クラブの赤字を補填するための親会社からの貸付金は課税対象とはならないというもので、平たくいえば親会社やオーナーがカネをつぎ込みやすくなる。クラブが大物選手の獲得などに乗り出しやすくなり、Jリーグがより華やかになるかも、とささやかれている。
そもそもプロ野球球団に対する特例は、はるか昔の1954年に国税庁の通達で認められたもの。年次の損失の限度において、親会社からの補填や貸付金は課税対象でない「損金」として扱われるとされている。この特例のすごいところは、球団がウン十億円の赤字に陥っても親会社が税を気にせず埋められること。通例ならこの種の拠出には税金がかかる(損金不算入)。親からの仕送りのごときものを可能にする60年来のルールが、球団の豪勢な経営をアシストしてきたことは想像に難くない。

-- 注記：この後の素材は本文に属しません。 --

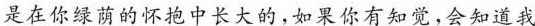
是在你绿荫的怀抱中长大的，如果你有知觉，会知道我
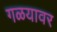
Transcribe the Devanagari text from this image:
गळयावर
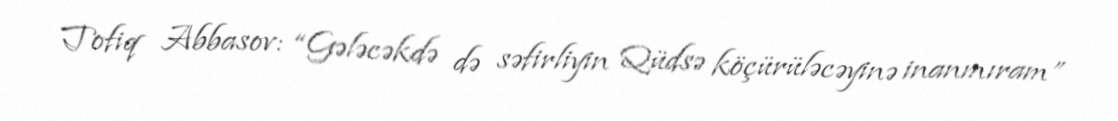
Tofiq Abbasov: “Gələcəkdə də səfirliyin Qüdsə köçürüləcəyinə inanmıram”
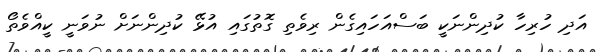
އަދި ހުރިހާ ކުދިންނަކީ ބަސްއަހައިގެން ރިވެތި ގޮތުގައި އުޅޭ ކުދިންނަށް ނުވަނީ ކީއްވެތޯ
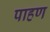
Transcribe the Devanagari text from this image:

同じ恩恵にJリーグクラブも与れることになったわけだが、発端はコロナ禍まっただなかの4月に遡る。
たった2人のJリーグ特命班。
あの頃、Jリーグ幹部陣は危機感のただなかにあった。
クラブの資金繰りが悪化し、助けねばならぬ事態が考えられた。全クラブで計約1250億円近くある営業収入が、露と消えかねない恐怖。すぐにでも引き出せる資金を大量に準備する必要に迫られていた。
もう1つ、悩ましかったのがスポンサー料対策だ。
コロナで試合を開催できず広告宣伝価値も失われるとみなされれば、税法上は課税対象と解釈される余地が生まれる。「それなら返せ」「減額する」と要求されたら大ピンチ。Jリーグにとってスポンサー料は収入の半分近くを占める命綱だからだ。
資金繰り対策については、村井満チェアマンがすぐさま大手銀行などとのコミットメントライン(融資枠)契約へ動く。
そしてスポンサー料問題には特命班が結成され、大型連休を返上して国税庁と向き合うことになる。特命班といっても専務理事の木村正明と、趣味はトレイルランという若手職員との2人だけだったが。